ISA has also provided me with networking opportunities with other professionals in my area of expertise and enabled me to stay current on emerging new technologies and trends.

Do you have any advice or suggestions to young automation professionals entering the profession? Are there things that you have learned that you might pass on…to help them better develop their careers?

While computer sciences, IT solutions for commercial applications, telecom, and the Internet has dominated job markets in the last few decades, with the growing interest in IoT, IIoT and Industry 4.0, the automation profession is back in demand with a bang. Plant-floor level measurement and control are key to completing the loop all the way up to and back from cloud-level, real-time analytics. It is thus time to stay focused on enhancing automation career skills and serve as an indispensable link in this chain.

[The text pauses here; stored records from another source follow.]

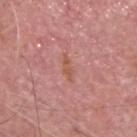  biopsy_status: not biopsied; imaged during a skin examination
  lighting: white-light
  patient:
    sex: male
    age_approx: 75
  site: head or neck
  automated_metrics:
    border_irregularity_0_10: 4.0
    color_variation_0_10: 0.0
    peripheral_color_asymmetry: 0.0
    lesion_detection_confidence_0_100: 95
  image:
    source: total-body photography crop
    field_of_view_mm: 15
  lesion_size:
    long_diameter_mm_approx: 3.0

Thanks to the unimaginable proliferation of the information age, it is no longer required to be a huge corporation with deep pockets to introduce innovations on a global scale. The initial capital requirement for such innovations is more easily available than ever before. If you have an idea you want to bring to life, time has never been more conducive. So keep entrepreneurship as a definite choice when you make your career decision. It’s not a bed of roses for sure, but the rewards are great for your self-esteem and also financial independence and well-being.

While doing any or all of above, do not forget the human touch and make sure you choose platforms like the ISA to give back to the community.